Vita: John Gilbert Winant
Brief life of an exemplary public servant: 1889-1947
by James O. Freedman
Now almost forgotten, John Gilbert Winant was widely
admired during his lifetime, especially for his exemplary service
as governor of New Hampshire. Comparisons of his character to
that of Lincoln were frequent and sincere. In 1936 he was prominently
mentioned as a candidate for president. During World War II, he
served with distinction as ambassador to Britain and returned
home to Concord in 1946 with a glowing toast from his wartime
friend and admirer Winston Churchill still ringing in his memory.
At 58, he seemed to have many years of public service before him.
But that was not to be.
Raised in Concord and educated at nearby St. Paul's School,
Winant attended Princeton, but did not graduate. Instead he returned
to teach history at St. Paul's, where the rector recognized in
him "a great and rare gift of influencing boys along the very
highest paths." His political career began with his election to
the state legislature in 1916. After serving in the American Air
Service during World War I, he became assistant rector at St.
Paul's. But public life again beckoned, and Winant went on to
serve three terms as governor of New Hampshire--from 1925 to 1927
(when he was the youngest governor in the nation) and from 1931
to 1935.
Winant was a lifelong Republican whose humanitarian principles
transcended party lines. Influenced by the writings of Charles
Dickens and John Ruskin and inspired by the examples of Lincoln
and Theodore Roosevelt, he was as governor a forceful advocate
of progressive reform initiatives, including a 48-hour work week
for women and children, a minimum wage, and the abolition of capital
punishment. In 1935, Franklin D. Roosevelt appointed him the first
chairman of the Social Security Board. When Social Security became
a major issue during the 1936 presidential campaign, Winant resigned
so that he could better defend the new program, alongside Roosevelt,
from criticisms by the Republican party. His decision to resign
in order to support a program in which he believed unreservedly--even
though it meant repudiating his own political party--offers a
model of principled action virtually unknown in contemporary politics.

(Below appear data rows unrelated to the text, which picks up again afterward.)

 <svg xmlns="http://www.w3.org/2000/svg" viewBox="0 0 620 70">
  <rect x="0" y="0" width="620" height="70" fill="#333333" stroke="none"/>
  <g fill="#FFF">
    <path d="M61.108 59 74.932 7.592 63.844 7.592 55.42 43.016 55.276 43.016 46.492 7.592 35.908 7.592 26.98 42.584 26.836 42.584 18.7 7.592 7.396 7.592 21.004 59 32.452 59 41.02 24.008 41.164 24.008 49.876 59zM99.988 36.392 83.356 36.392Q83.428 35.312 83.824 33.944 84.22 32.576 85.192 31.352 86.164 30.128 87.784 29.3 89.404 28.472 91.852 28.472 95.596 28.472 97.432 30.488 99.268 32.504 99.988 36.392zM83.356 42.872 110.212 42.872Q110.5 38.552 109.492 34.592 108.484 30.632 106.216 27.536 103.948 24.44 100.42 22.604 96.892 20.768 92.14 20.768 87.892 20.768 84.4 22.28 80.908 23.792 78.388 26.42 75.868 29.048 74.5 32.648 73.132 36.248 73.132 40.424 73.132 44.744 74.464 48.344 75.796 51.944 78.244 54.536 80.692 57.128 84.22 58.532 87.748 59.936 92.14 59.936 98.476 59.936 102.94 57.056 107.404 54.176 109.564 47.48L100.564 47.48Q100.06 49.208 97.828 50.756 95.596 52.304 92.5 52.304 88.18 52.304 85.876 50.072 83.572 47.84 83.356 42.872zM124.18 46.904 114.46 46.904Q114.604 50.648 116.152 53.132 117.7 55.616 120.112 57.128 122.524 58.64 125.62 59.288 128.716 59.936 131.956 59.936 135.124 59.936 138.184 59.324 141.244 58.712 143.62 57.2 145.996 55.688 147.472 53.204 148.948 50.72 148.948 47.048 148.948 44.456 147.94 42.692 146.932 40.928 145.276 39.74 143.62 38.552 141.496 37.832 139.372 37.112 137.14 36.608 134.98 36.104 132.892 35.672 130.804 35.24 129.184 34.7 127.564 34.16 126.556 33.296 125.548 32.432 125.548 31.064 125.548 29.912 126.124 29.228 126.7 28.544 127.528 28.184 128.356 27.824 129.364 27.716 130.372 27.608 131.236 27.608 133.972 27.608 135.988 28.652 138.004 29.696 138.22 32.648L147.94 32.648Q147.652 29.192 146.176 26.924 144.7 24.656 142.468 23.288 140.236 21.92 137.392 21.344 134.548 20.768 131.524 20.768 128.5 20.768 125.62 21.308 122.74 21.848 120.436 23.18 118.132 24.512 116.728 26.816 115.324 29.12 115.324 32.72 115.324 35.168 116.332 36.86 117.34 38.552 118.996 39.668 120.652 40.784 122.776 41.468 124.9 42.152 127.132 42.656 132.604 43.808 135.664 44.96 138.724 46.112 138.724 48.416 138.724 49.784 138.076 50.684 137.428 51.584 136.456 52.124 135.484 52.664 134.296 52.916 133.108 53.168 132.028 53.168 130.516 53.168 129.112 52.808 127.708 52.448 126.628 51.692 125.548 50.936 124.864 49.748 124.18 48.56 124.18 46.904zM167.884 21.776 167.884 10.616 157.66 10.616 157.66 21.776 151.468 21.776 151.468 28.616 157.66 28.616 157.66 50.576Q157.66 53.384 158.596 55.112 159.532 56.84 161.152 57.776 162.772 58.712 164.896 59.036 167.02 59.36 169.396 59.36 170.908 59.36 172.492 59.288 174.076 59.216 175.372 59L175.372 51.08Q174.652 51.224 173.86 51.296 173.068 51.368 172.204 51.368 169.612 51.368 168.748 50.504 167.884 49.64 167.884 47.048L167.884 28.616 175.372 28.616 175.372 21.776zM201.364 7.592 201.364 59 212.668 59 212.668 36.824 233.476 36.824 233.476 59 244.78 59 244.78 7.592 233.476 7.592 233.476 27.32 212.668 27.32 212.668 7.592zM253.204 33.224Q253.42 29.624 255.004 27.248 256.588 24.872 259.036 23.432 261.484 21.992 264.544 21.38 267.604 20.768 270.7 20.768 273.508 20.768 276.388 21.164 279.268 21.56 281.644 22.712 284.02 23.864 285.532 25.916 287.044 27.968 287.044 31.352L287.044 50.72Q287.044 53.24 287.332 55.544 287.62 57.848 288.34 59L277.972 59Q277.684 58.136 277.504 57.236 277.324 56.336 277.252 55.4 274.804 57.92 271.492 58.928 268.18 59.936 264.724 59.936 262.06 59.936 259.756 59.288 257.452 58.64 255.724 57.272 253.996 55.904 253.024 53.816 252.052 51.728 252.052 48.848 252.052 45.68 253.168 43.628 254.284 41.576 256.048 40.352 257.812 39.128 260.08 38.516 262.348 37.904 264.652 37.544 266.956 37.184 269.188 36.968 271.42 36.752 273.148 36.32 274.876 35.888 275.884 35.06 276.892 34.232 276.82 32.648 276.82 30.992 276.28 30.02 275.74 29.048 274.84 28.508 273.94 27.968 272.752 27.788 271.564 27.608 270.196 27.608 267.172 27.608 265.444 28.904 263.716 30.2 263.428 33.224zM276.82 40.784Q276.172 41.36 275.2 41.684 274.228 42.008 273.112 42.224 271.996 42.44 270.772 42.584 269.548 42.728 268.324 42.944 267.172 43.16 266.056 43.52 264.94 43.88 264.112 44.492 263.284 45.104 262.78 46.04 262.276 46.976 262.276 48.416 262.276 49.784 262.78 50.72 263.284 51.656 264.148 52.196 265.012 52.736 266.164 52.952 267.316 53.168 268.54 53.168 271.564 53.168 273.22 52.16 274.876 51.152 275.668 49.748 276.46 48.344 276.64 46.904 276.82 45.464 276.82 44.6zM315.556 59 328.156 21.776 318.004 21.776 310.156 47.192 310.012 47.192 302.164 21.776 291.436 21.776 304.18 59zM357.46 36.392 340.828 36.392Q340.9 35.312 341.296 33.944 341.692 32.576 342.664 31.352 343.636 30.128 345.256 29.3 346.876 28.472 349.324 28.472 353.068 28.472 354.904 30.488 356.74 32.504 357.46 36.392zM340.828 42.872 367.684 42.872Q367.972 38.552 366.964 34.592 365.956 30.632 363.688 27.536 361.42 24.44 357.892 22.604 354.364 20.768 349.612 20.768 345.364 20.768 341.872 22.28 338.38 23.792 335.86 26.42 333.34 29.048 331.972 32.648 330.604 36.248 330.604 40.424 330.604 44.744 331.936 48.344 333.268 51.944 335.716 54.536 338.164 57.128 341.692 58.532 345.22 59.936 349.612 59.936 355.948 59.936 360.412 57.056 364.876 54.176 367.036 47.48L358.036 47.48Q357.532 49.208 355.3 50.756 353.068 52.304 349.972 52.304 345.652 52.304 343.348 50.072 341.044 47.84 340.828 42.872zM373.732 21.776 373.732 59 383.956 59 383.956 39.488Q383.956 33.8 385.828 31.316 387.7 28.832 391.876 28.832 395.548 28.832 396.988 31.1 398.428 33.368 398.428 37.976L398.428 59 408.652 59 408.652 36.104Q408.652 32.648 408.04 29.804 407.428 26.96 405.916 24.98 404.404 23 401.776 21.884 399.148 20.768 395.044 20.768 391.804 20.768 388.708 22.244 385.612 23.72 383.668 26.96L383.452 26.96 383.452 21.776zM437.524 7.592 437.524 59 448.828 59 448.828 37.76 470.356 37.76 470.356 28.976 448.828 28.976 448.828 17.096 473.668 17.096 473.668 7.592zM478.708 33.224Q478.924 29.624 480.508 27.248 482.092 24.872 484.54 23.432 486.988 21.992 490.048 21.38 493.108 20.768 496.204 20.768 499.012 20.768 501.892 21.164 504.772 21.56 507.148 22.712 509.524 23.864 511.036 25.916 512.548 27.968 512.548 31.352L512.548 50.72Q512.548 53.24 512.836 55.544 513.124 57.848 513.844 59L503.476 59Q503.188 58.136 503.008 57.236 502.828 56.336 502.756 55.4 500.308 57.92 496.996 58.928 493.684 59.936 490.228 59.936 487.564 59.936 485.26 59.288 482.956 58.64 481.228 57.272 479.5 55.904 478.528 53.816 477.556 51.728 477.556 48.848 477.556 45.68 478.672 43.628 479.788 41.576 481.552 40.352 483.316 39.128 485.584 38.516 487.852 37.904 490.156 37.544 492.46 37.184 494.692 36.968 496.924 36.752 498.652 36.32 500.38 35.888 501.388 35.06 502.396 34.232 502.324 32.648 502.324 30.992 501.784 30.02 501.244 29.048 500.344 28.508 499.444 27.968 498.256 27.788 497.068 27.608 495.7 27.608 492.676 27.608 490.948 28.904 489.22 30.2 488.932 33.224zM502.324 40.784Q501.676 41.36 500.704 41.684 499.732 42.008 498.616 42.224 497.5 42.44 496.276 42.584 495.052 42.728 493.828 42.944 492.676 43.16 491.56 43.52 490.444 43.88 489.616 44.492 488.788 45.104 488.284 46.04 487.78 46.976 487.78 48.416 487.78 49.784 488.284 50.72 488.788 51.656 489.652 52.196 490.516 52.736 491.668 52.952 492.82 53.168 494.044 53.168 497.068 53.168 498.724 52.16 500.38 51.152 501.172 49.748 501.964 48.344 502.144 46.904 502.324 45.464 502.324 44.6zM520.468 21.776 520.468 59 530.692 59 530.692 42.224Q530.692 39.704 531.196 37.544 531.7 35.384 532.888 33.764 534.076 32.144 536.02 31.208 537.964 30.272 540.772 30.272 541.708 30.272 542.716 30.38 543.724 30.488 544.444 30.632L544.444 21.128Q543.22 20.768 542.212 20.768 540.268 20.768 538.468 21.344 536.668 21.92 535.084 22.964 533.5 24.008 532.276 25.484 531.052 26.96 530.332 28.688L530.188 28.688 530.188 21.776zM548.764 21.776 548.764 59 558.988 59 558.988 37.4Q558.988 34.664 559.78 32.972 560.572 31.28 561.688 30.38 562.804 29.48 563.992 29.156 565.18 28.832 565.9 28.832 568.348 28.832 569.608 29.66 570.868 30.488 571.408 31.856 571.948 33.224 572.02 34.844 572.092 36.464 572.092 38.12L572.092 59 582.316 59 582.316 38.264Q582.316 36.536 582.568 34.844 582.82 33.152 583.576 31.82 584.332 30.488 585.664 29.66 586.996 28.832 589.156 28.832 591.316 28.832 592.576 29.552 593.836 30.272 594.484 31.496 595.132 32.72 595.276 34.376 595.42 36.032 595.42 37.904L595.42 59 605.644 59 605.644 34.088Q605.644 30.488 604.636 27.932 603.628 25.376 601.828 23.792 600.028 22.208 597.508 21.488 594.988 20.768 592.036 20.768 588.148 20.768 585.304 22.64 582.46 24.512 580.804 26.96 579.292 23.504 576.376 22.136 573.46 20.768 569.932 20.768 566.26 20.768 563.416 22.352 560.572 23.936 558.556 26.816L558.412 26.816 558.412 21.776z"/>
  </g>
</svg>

He found another outlet for his idealism in 1939, when Roosevelt
chose him as director of the International Labor Organization
in Geneva. As an impartial international civil servant, Winant
worked for social and economic reform even as the world collapsed
in war.
In February 1941, Roosevelt appointed him ambassador to Great
Britain. During the Battle of Britain, Winant walked the streets
of London, ablaze from the aerial bombardments, offering assistance
to the injured amid the rubble of their homes and stores. His
shy sincerity and quiet fearlessness endeared him to the British
people and helped buoy that beleaguered nation.
Winant was rare among public figures in being a very private
person. And the temper of the private man created and influenced
the actions of the public man. To read his speeches is to sense
the same greatness of soul, magnanimity of purpose, and simplicity
of language that appear in Lincoln's addresses. In June 1942,
he told striking coal miners in Durham, England, "This is the
people's democracy. We must keep it wide and vigorous, alive to
need, of whatever kind, and ready to meet it, whether it be danger
from without or well-being from within, always remembering that
it is the things of the spirit that in the end prevail--that...daring
to live dangerously we are learning to live generously...." His
speech was a resounding success: by joining the life-or-death
struggle to preserve democracy with the concrete social purpose
of improving the economic circumstances of working people, Winant
had deepened the war's meaning for the common man. The miners
went back to their crucial work.
Throughout the war, Winant drove himself relentlessly, day and
night. He was already utterly exhausted when Roosevelt's death
in April 1945 robbed him of his close friend and mentor. He now
reported to a president who neither knew him well nor appreciated
the extent of his wartime efforts. Then, three months later, a
landslide victory by the Labor Party swept Churchill out of office.
Everywhere Winant turned, he saw the drama in which he had participated
so significantly drawing to a close. In March 1946, President
Truman appointed a new ambassador to London.
Back in New Hampshire, Winant's frustrations grew. After three
decades of public life, he had to accommodate himself to the quieter
pace of a private citizen. He was in debt, under pressure to complete
a series of books on his experiences, estranged from his socially
ambitious wife, and troubled by a darkening personal depression.
On November 3, 1947, the very day that his only book, Letter
from Grosvenor Square, was published, he committed suicide
at his home in Concord. His publisher had rushed a copy of the
book to him, but he never saw it.
Reportedly Winant had been despondent for some time. His public
achievements and his great capacities for service gave no protection
against the melancholia and hopelessness that ultimately overwhelmed
him. And yet, by drawing upon an elevated spirit and an unswerving
idealism, this quiet man from a small state contributed greatly
to the nation's coral reef of character.